Who can manage roles
Building, cloning, editing, and deleting custom roles rides on a single scope, roles.manage, which the Owner and Admin roles hold. Everyone can see which roles exist and what they grant, because the shape of the permission model is not itself a secret; changing that shape is the administrator's job. Assigning a role to a person is the related members.manage scope, covered on the members page. A role's own detail page has a Members tab that lists everyone who holds it, and with roles.manage you can assign or remove the role right there, the same grant the members page makes from the other direction. The one role that never moves this way is Owner: it is not assigned through the role editor at all, because ownership changes hands through the deliberate transfer on the workspace.
Why roles and permissions work this way
Most tools bolt permissions on after the fact: a few coarse tiers, a scatter of special cases, and a long tail of "admin can do anything" that nobody can fully enumerate when a security review asks. Disco Parrot starts from the opposite end. Every action is a named scope from the beginning, every route declares the scope it needs, and a route that forgot fails the test gate before it can ship. The result is a permission model you can actually answer questions about: "who can delete a project," "what exactly can a Billing Manager see," "is there any way to reach this data without the scope," each has a precise answer, because the model is made of precise pieces rather than accumulated exceptions.

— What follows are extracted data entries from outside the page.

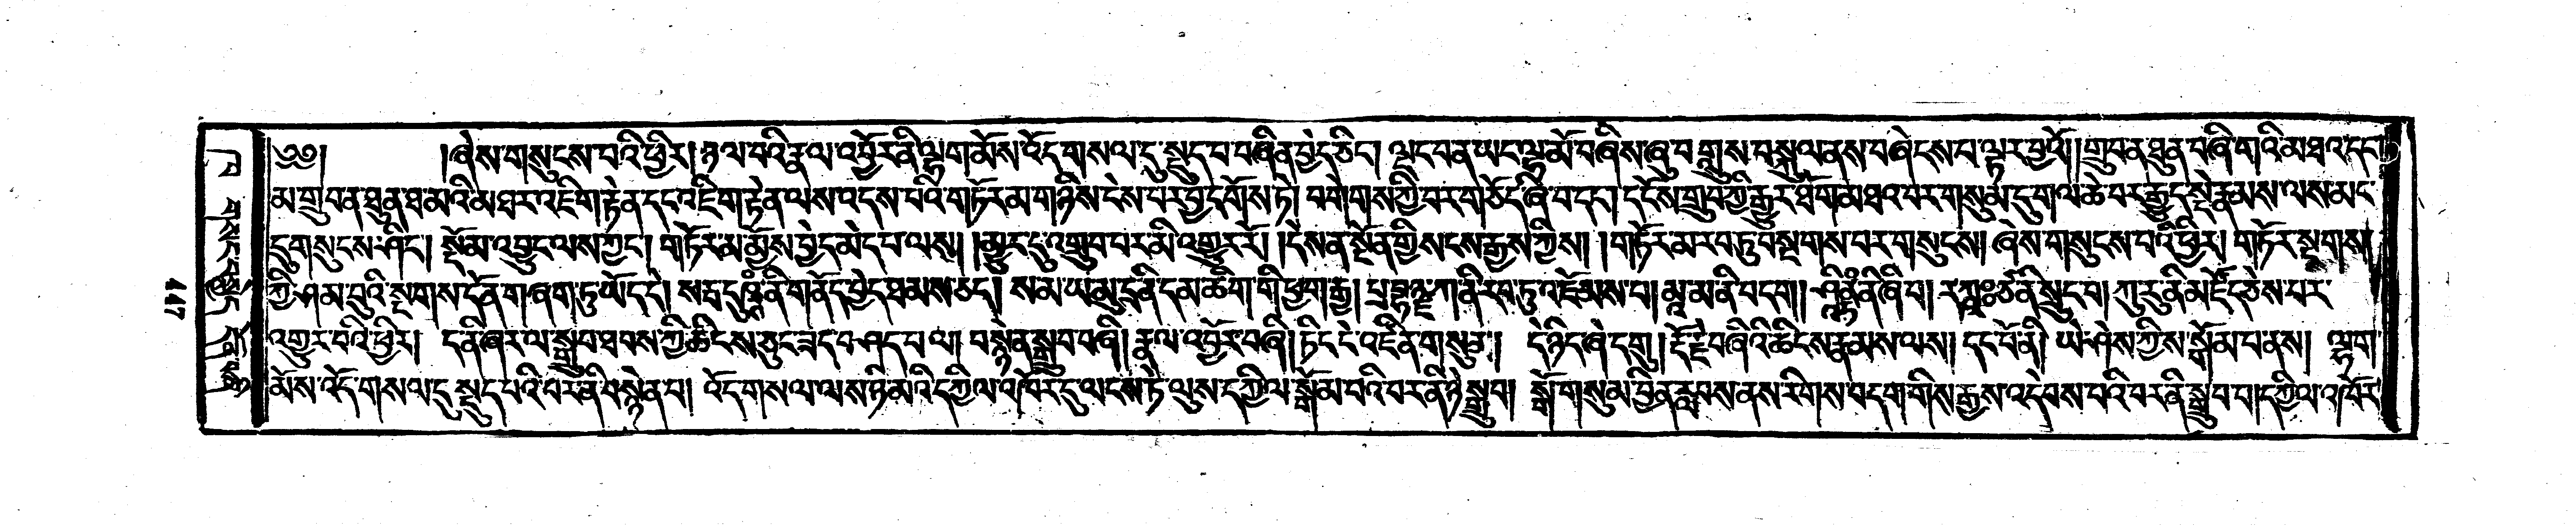༄༅། །ཞེས་གསུངས་པའི་ཕྱིར། ཉལ་བའི་རྣལ་འབྱོར་ནི་ལྷག་མོས་འོད་གསལ་དུ་སྡུད་པ་བཞིན་བྱེད་ཅིང་། ལྡང་བ་ན་ཡང་ལྷ་མོ་བཞིས་ཞུ་བ་གླུས་བསྐུལ་ནས་བཞེངས་པ་ལྟར་བྱའོ། །གྲུབ་མཐུན་བཞི་གའི་མཐའ་དང་
མ་གྲུབ་ན་ཐུན་ཐ་མའི་མཐར་འཇིག་རྟེན་དང་འཇིག་རྟེན་ལས་འདས་པའི་གཏོར་མ་གཉིས་ངེས་པར་བྱ་དགོས་ཏེ། བགེགས་ཀྱི་བར་གཅོད་ཞི་བ་དང་། དངོས་གྲུབ་ཀྱི་རྒྱུར་ཐོག་མཐའ་བར་གསུམ་དུ་གལ་ཆེ་བར་རྒྱུད་སྡེ་རྣམས་ལས་མང་
དུ་གསུངས་ཤིང་། སྡོམ་འབྱུང་ལས་ཀྱང་། གཏོར་མ་མྱོས་བྱེད་མེད་པ་ལས། །མྱུར་དུ་འགྲུབ་པར་མི་འགྱུར་རོ། །དེས་ན་སྔོན་གྱི་སངས་རྒྱས་ཀྱིས། །གཏོར་མ་རབ་ཏུ་བསྔགས་པར་གསུངས། ཞེས་གསུངས་པའི་ཕྱིར། གཏོར་སྔགས་
ཀྱི་ཤམ་བུའི་སྔགས་དོན་གཞག་ཏུ་ཡོད་དེ། སརྦ་དུཥྚཾ་ནི་གནོད་བྱེད་ཐམས་ཅད། ས་མ་ཡ་མུ་དྲ་ནི་དམ་ཚིག་གི་ཕྱག་རྒྱ། པྲབྷ་ཉྫ་ཀ་ནི་རབ་ཏུ་འཇོམས་པ། མཱ་མ་ནི་བདག །ཤཱིནྟཾ་ནི་ཞི་བ། རཀྵཱཿ ཙ་ནི་སྲུང་བ། ཀུ་རུ་ནི་མཛོད་ཅེས་པར་
འགྱུར་བའི་ཕྱིར། ད་ནི་ཞར་ལ་སྒྲུབ་ཐབས་ཀྱི་ཆིངས་ཅུང་ཟད་བཤད་པ་ལ། བསྙེན་སྒྲུབ་བཞི། རྣལ་འབྱོར་བཞི། ཏིང་ངེ་འཛིན་གསུམ། དེ་ཉིད་ཞེ་དགུ །རྡོ་རྗེ་བཞིའི་ཆིངས་རྣམས་ལས། དང་པོ་ནི། ཡེ་ཤེས་ཀྱིས་སྒོམ་པ་ནས། ལྷག་
མོས་འོད་གསལ་དུ་སྡུད་པའི་བར་ནི་བསྙེན་པ། འོད་གསལ་ལས་ཉི་མའི་དཀྱིལ་འཁོར་དུ་ལངས་ཏེ་ལུས་དཀྱིལ་སྒོམ་པའི་བར་ནི་ཉེ་སྒྲུབ། སྒོ་གསུམ་བྱིན་རླབས་ནས་རིགས་བདག་གིས་རྒྱས་འདེབས་པའི་བར་ནི་སྒྲུབ་པ། དཀྱིལ་འཁོར་

Roles exist so you almost never have to think in scopes. The eleven built-ins cover the common shapes, and a clone-and-adjust custom role covers the rest, so the everyday act of granting access is choosing a role, not assembling a permission set. But underneath, it is always scopes, which is why the danger levels and the destructive-confirmation step matter: the convenience of roles never hides the consequence of the actions inside them. You grant a role in one click and you can still see, and have to confirm, the moment that click would hand someone the power to erase something.
For a team lead, roles are how you give people the reach their work needs without overthinking it. Pick the built-in that fits, or clone one and trim it to a Release Manager, a QA Reviewer, whatever your team actually does, and assign it. The everyday case never makes you think about a single permission.
For an engineer, the model is why your access is exactly your access. You can hold several roles at once, be a Planner on one project and a Viewer on another, and never wonder whether some hidden tier is granting or denying you something. What you can do is the sum of your roles, and you can read it.
For an administrator, custom roles and danger levels are the tools for least privilege done quickly. You separate the tooling owner from the people manager, the finance contact from the work, the release engineer from the workspace settings, and the destructive-confirmation step keeps any of those roles from quietly becoming more dangerous than you intended.
For the person who owns security, this is the model you can attest to. Every action is a scope, every route declares its scope and is checked at boot, danger is a named property of every scope with a confirmation gate on destruction, platform-only powers can never enter a workspace role, and there is no owner bypass hiding under the surface. The question "who can do this, and how do we know" has an answer that lives in the code, not in a policy document that hopes the code agrees. For the governance view that sets this alongside what an agent is allowed to do, read approved actions and least privilege.